Choosing an agent framework
What you’ll learn
Section titled “What you’ll learn”This is lesson 3 of Track 20, closing Phase 1 (What an agent actually is). Having seen that an agent is a loop you could build yourself, you face the question everyone rushes: which framework? This lesson slows it down. The honest first decision is whether to use a framework at all, and the lesson gives you a clear-eyed way to make that call. If the answer is yes, it surveys the framework landscape by category so you can match a framework to your task by fit instead of chasing the loudest name. The throughline is fit, not ranking: there is no best framework, only best-for-a-job.

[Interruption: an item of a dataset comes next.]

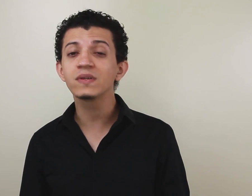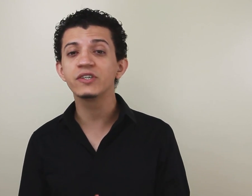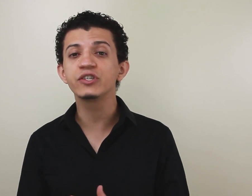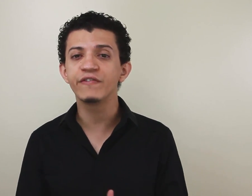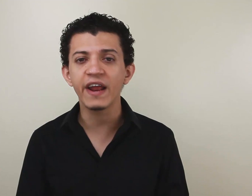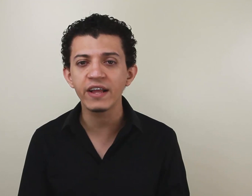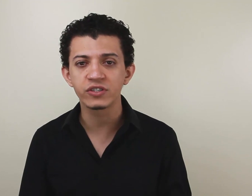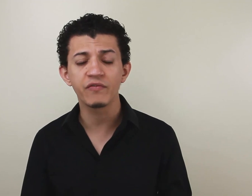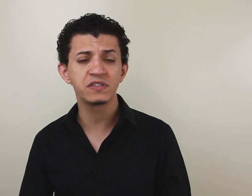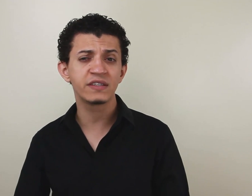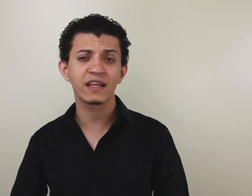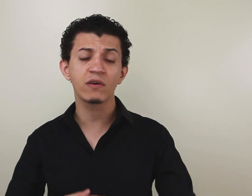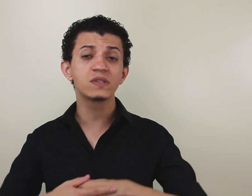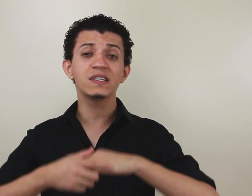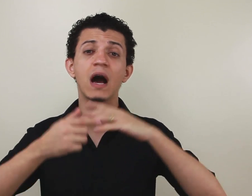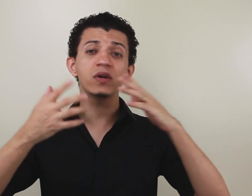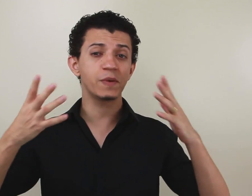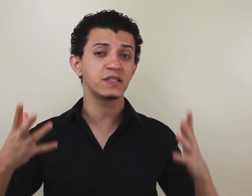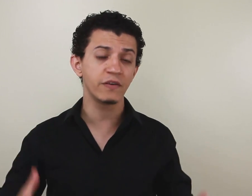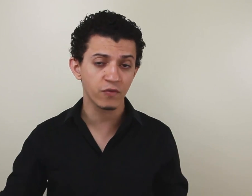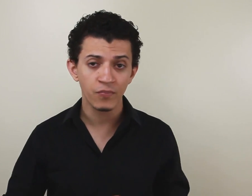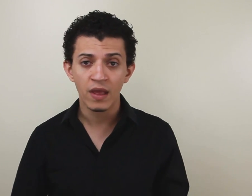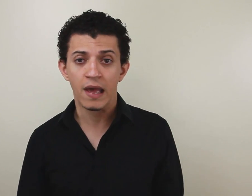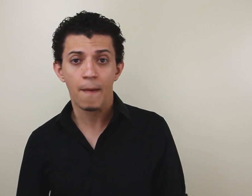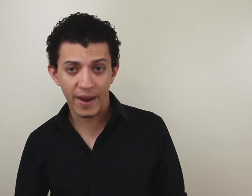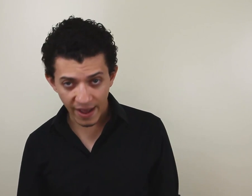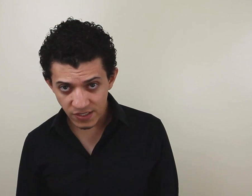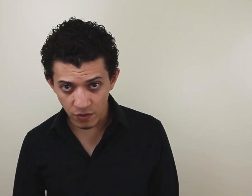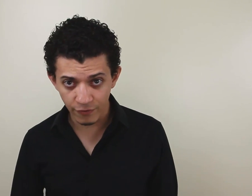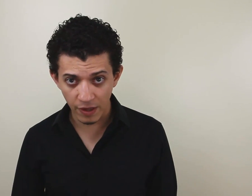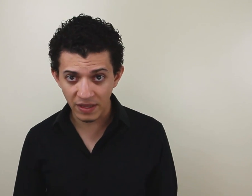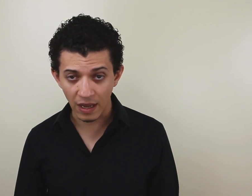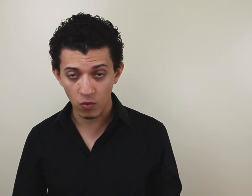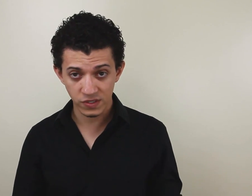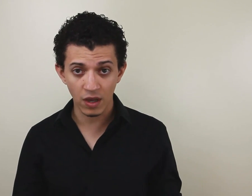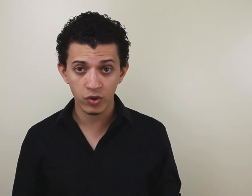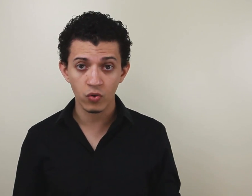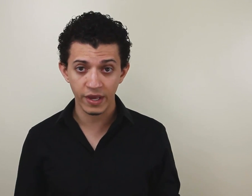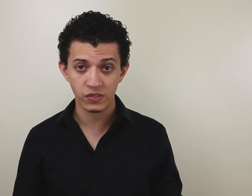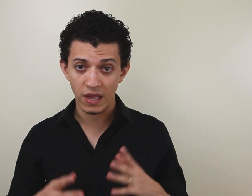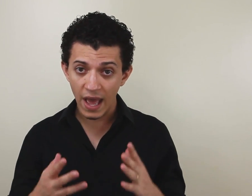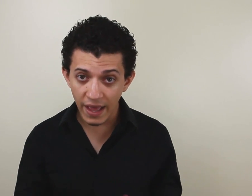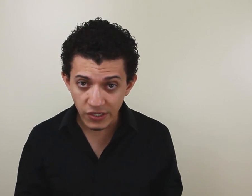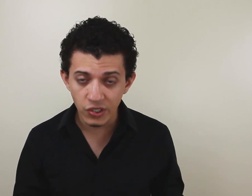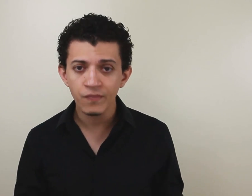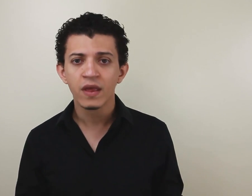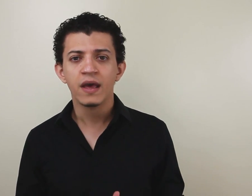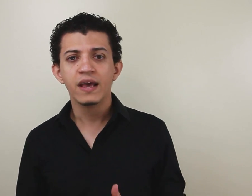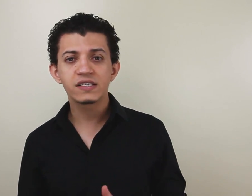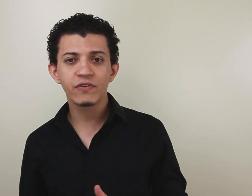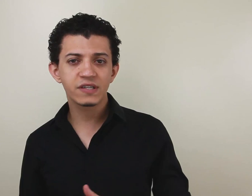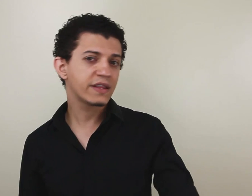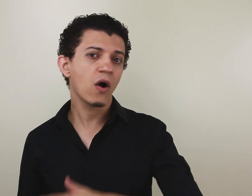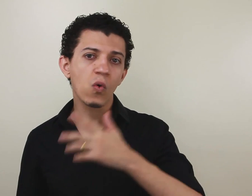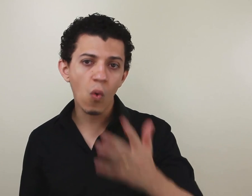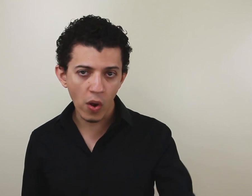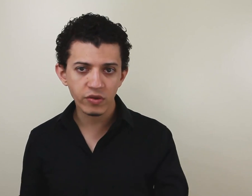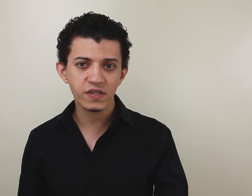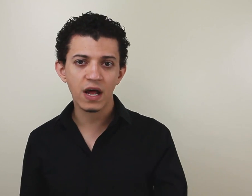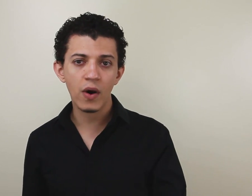seja diferente. Talvez você tenha até um sinal específico para ensino fundamental. O sinal que eu conheço é este, e se você tem algum outro sinal

The track structurally mirrors Microsoft’s “AI Agents for Beginners” (MIT-licensed); this lesson borrows its fit-question framing and draws breadth from the Berkeley CS294 lecture by the creators of AutoGen and LlamaIndex. Full attribution is in this lesson’s references.
Where this fits
Section titled “Where this fits”This lesson closes the foundational phase. Lessons 1 and 2 built the loop and the tool-call mechanism; this lesson decides whether to build that machinery yourself or adopt it. The next lesson opens Phase 2 by going deep on the single most important building block underneath every framework: how to define a tool well so the model reliably knows when and how to use it.
Before you start
Section titled “Before you start”Prerequisites: Lessons 1 and 2. You need the loop (Lesson 1) and the four-step tool-call exchange (Lesson 2), because the whole lesson rests on the fact that you could write that machinery yourself, which is what makes “do I need a framework” a real question. No coding or math required.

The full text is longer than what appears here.